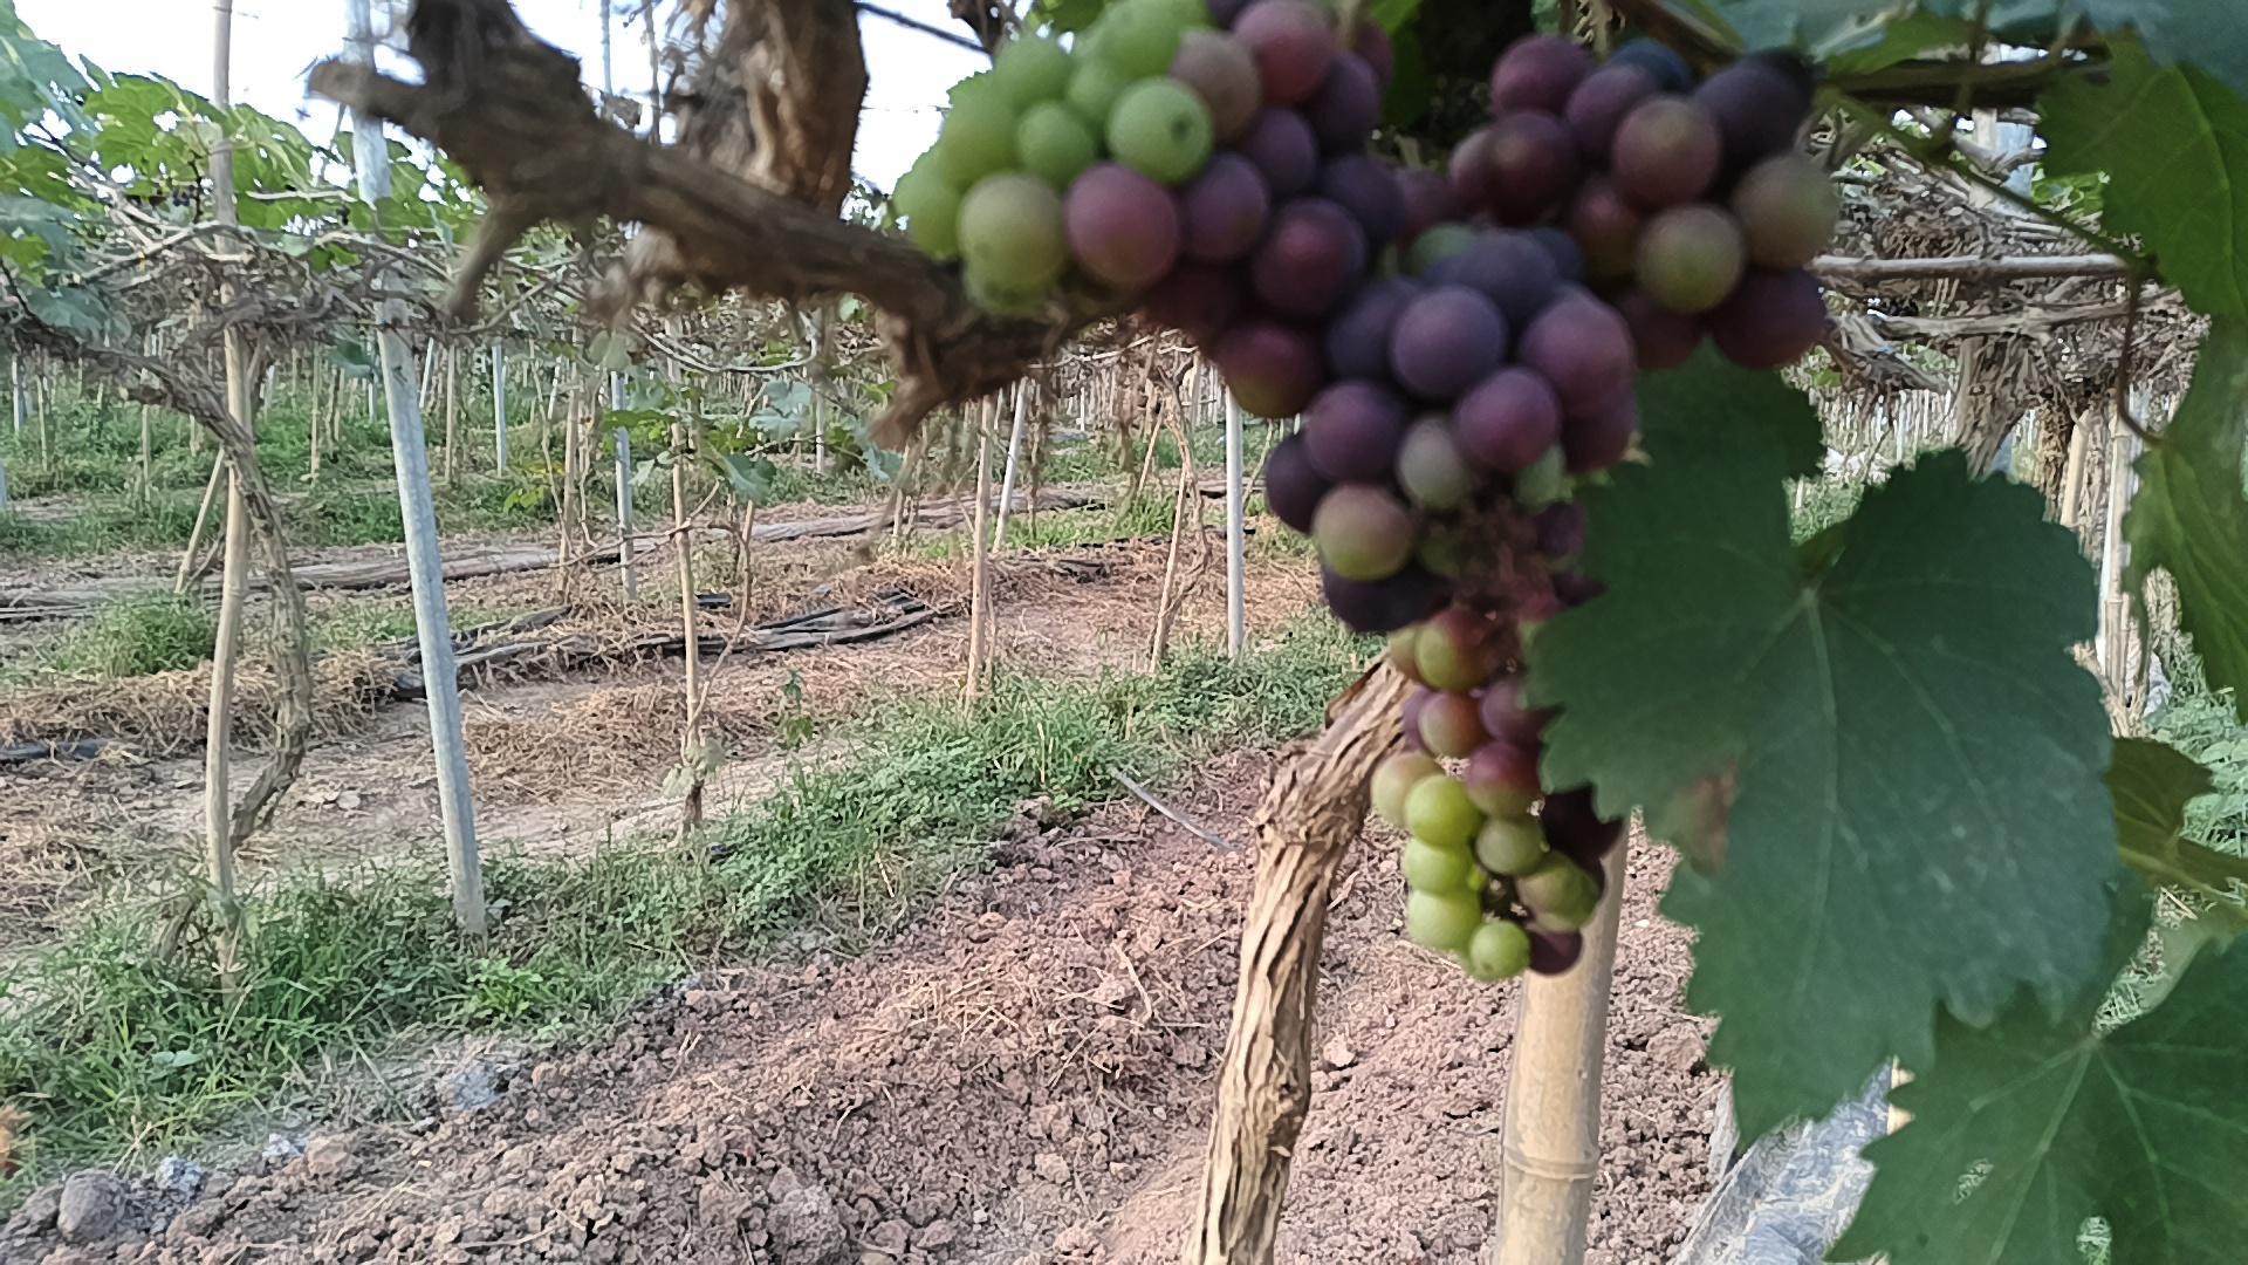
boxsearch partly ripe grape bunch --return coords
[892,0,1832,980]
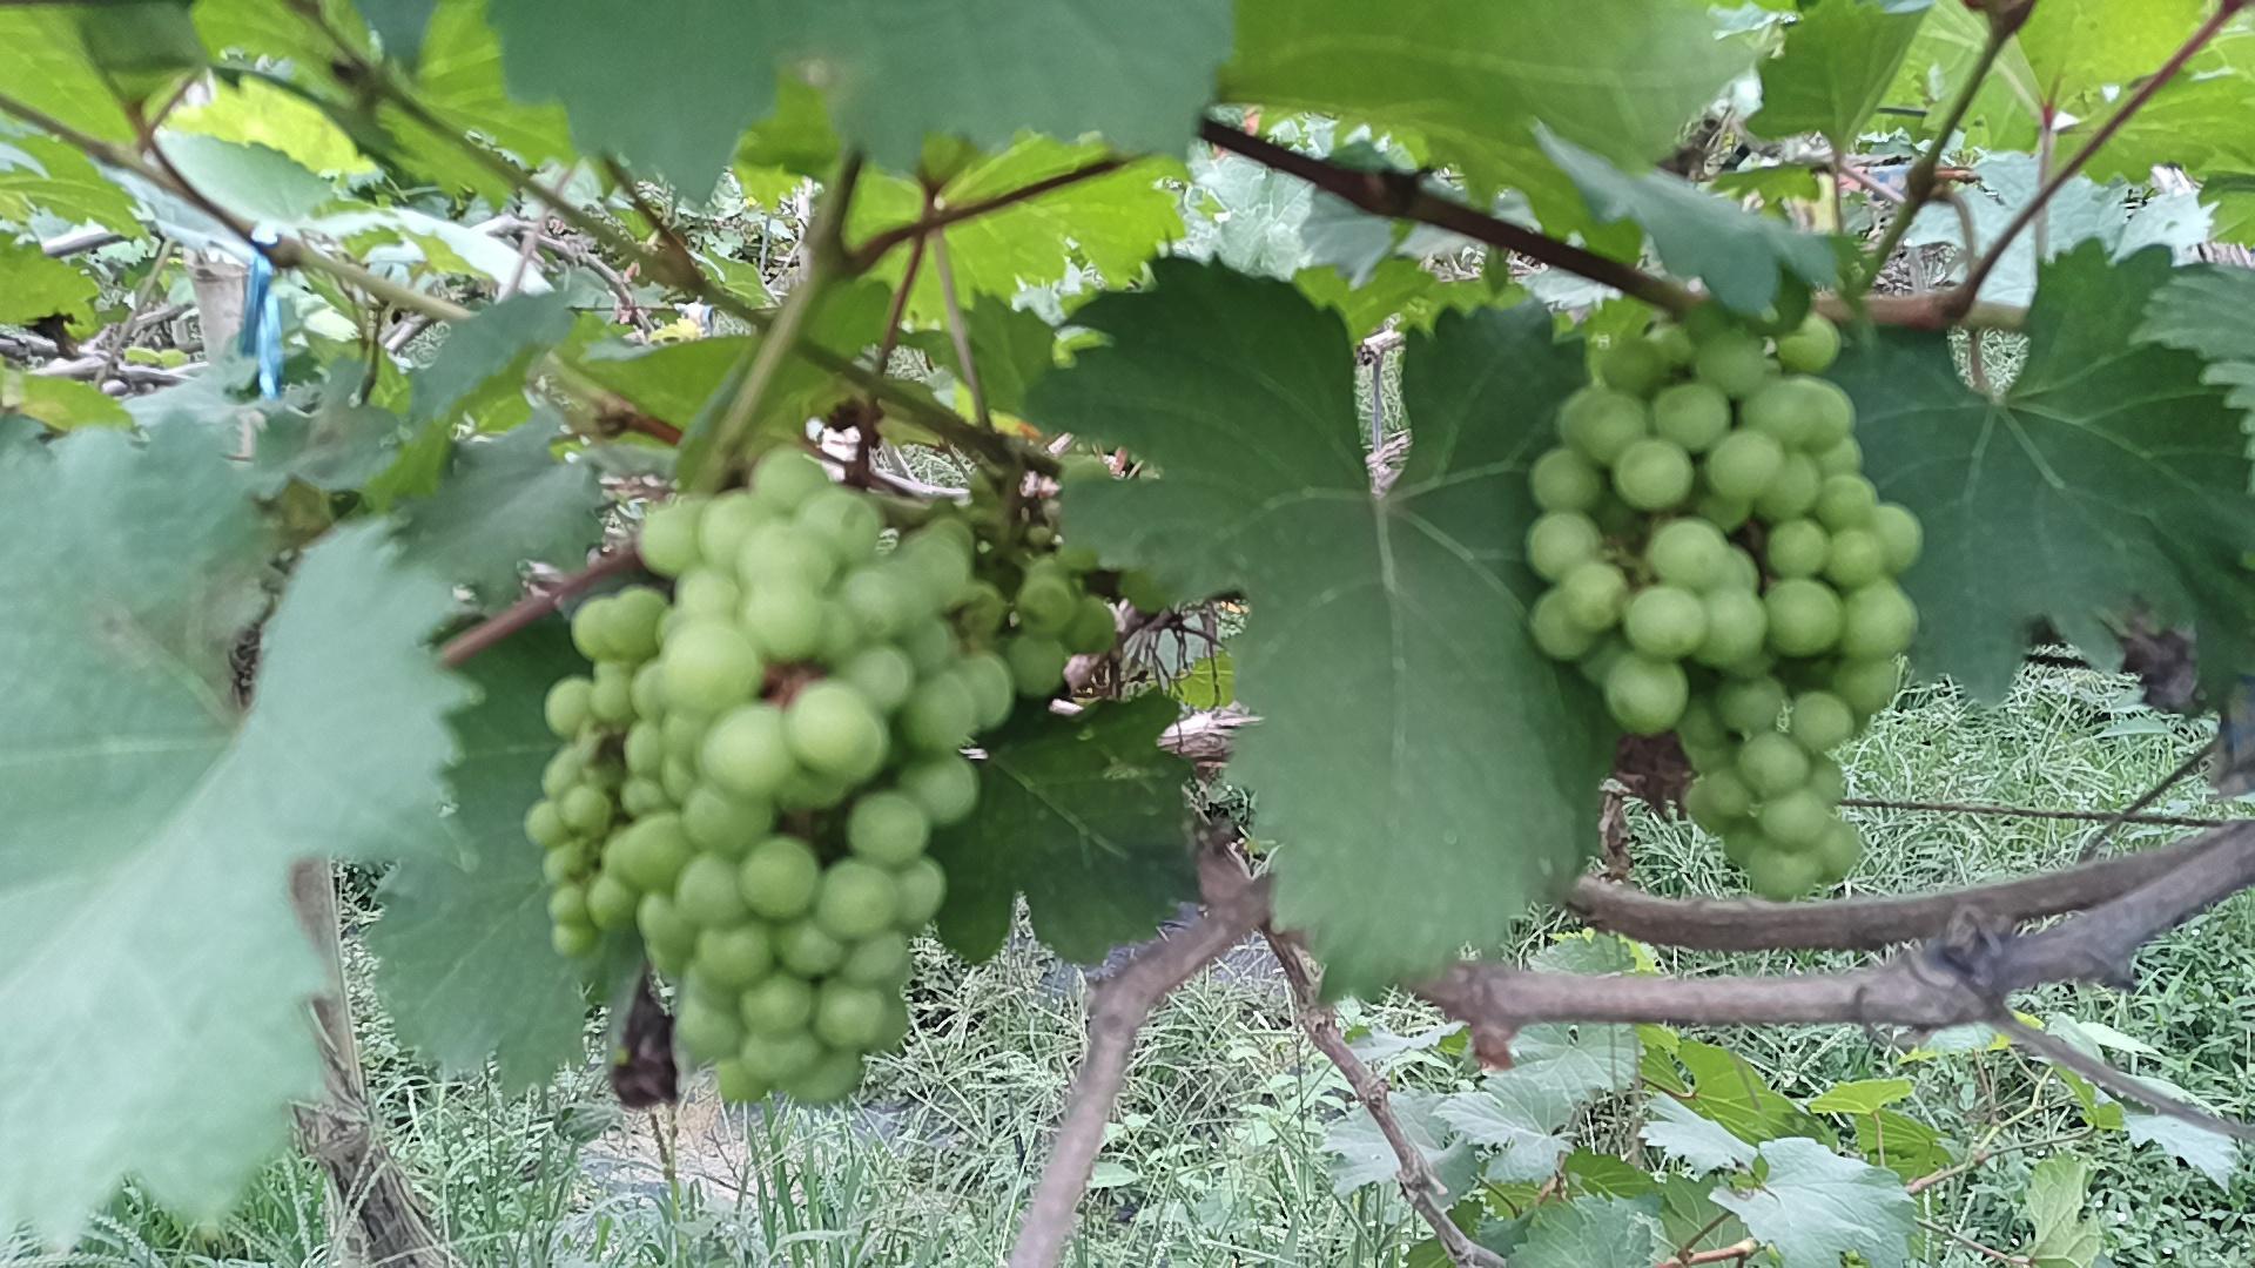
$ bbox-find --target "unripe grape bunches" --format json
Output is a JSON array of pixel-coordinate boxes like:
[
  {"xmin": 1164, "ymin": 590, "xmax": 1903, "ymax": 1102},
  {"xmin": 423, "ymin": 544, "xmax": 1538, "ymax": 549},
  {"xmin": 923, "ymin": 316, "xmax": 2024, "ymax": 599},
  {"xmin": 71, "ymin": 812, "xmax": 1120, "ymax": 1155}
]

——

EXERCISE DIRECTIONS:
When the string "ymin" appears in a line of the records above, that line is to be copied.

ANSWER TO THIS TASK:
  {"xmin": 1164, "ymin": 590, "xmax": 1903, "ymax": 1102},
  {"xmin": 423, "ymin": 544, "xmax": 1538, "ymax": 549},
  {"xmin": 923, "ymin": 316, "xmax": 2024, "ymax": 599},
  {"xmin": 71, "ymin": 812, "xmax": 1120, "ymax": 1155}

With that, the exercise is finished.